** Problem statement **
Leave the pictures aside and copy all the data exactly.

Extracted records
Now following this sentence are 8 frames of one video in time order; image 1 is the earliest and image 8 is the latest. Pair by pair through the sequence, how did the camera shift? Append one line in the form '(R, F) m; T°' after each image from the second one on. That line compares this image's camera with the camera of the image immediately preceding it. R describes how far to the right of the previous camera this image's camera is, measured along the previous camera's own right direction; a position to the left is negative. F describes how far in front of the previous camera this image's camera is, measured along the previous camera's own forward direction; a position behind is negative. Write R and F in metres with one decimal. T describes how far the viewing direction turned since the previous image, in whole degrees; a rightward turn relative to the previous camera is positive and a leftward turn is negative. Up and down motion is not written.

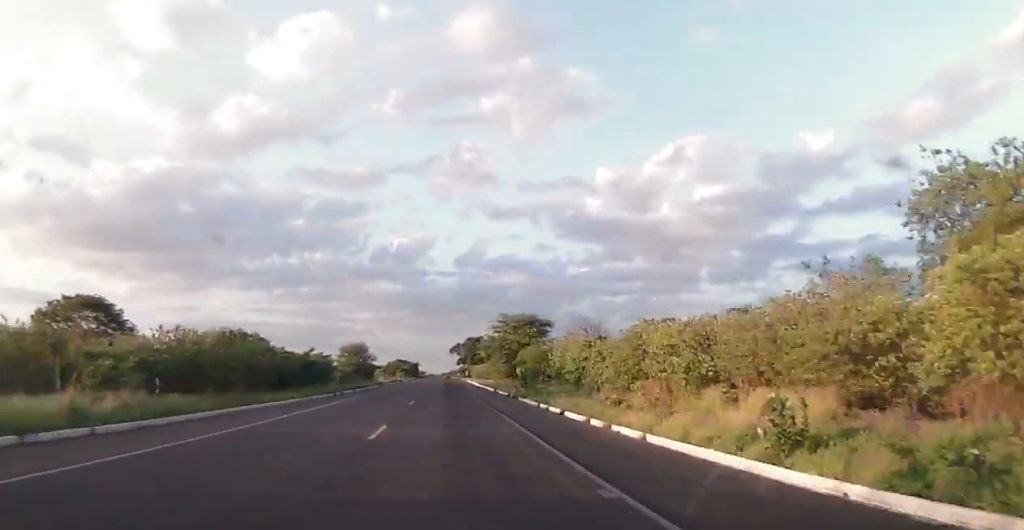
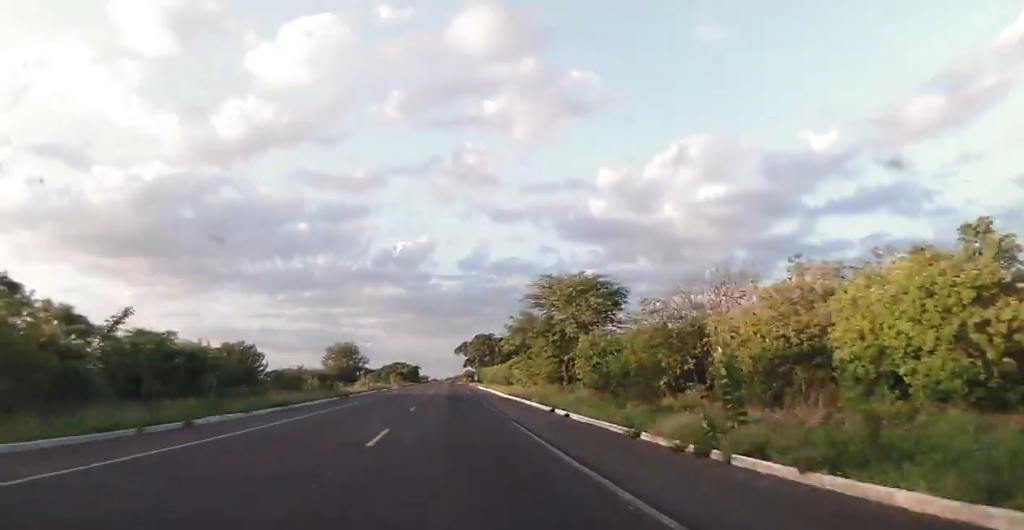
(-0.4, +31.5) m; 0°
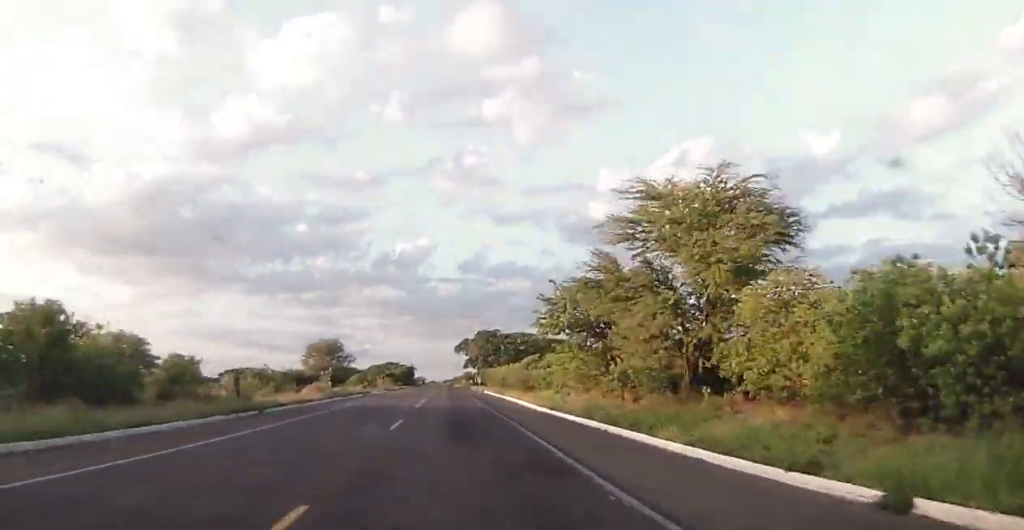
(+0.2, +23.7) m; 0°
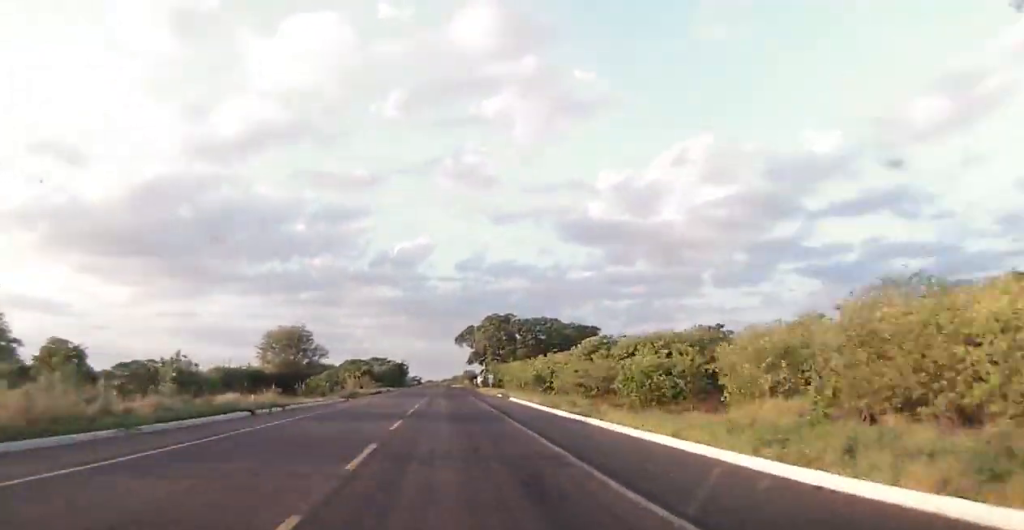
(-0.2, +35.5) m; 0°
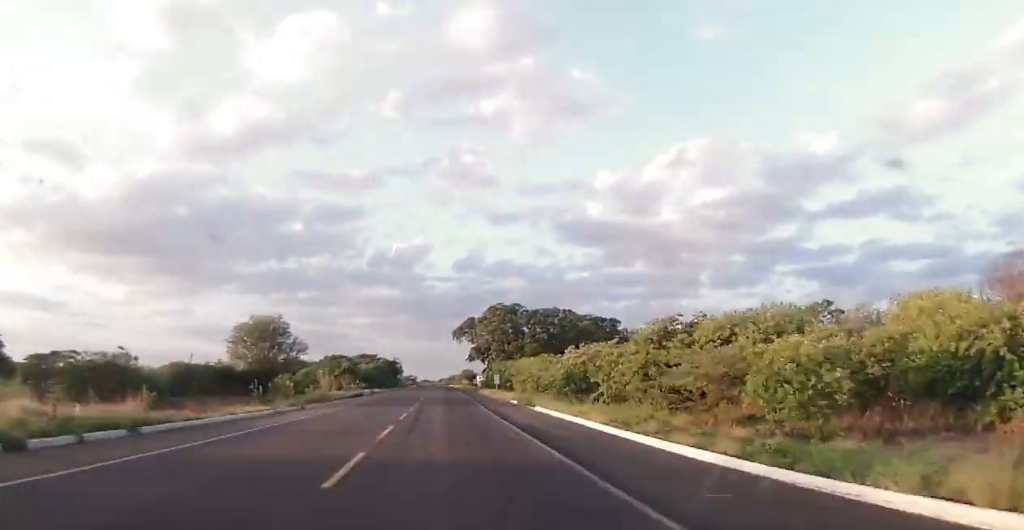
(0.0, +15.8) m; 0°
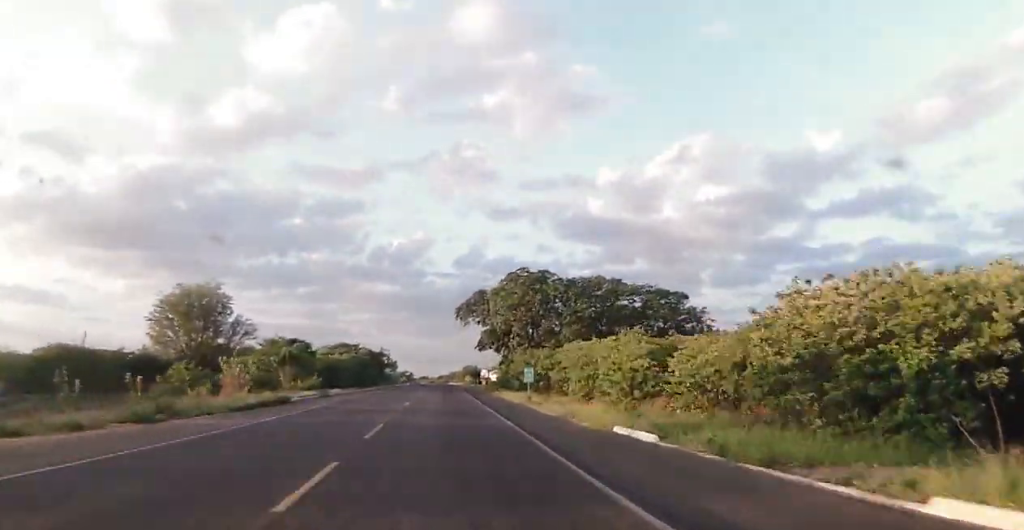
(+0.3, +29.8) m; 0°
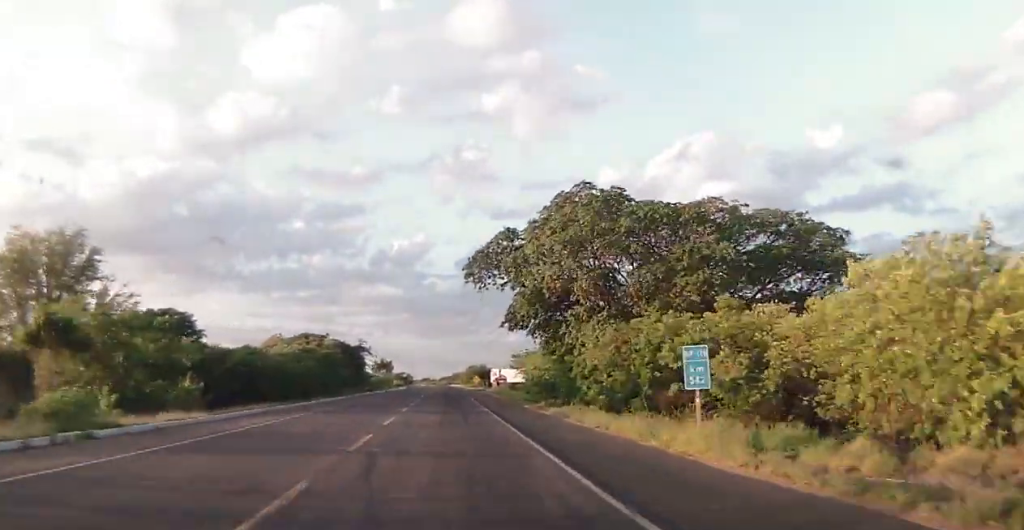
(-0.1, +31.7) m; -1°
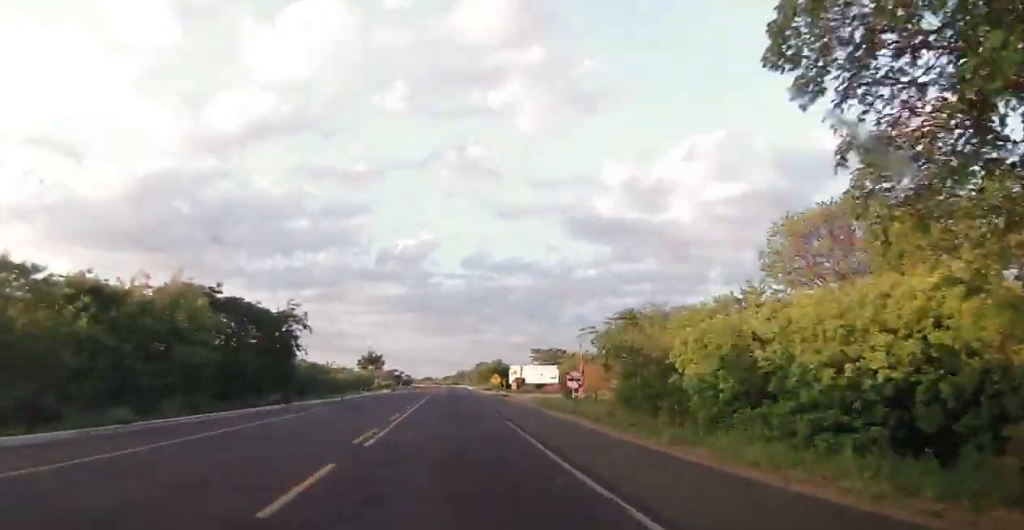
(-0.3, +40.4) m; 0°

** Expected answer **
Now following this sentence are 8 frames of one video in time order; image 1 is the earliest and image 8 is the latest. Pair by pair through the sequence, how did the camera shift? Append one line in the form '(R, F) m; T°' after each image from the second one on. That line compares this image's camera with the camera of the image immediately preceding it. R describes how far to the right of the previous camera this image's camera is, measured along the previous camera's own right direction; a position to the left is negative. F describes how far in front of the previous camera this image's camera is, measured along the previous camera's own forward direction; a position behind is negative. Write R and F in metres with one decimal. T describes how far the viewing direction turned since the previous image, in whole degrees; a rightward turn relative to the previous camera is positive and a leftward turn is negative. Up and down motion is not written.

(-0.4, +31.5) m; 0°
(+0.2, +23.7) m; 0°
(-0.2, +35.5) m; 0°
(0.0, +15.8) m; 0°
(+0.3, +29.8) m; 0°
(-0.1, +31.7) m; -1°
(-0.3, +40.4) m; 0°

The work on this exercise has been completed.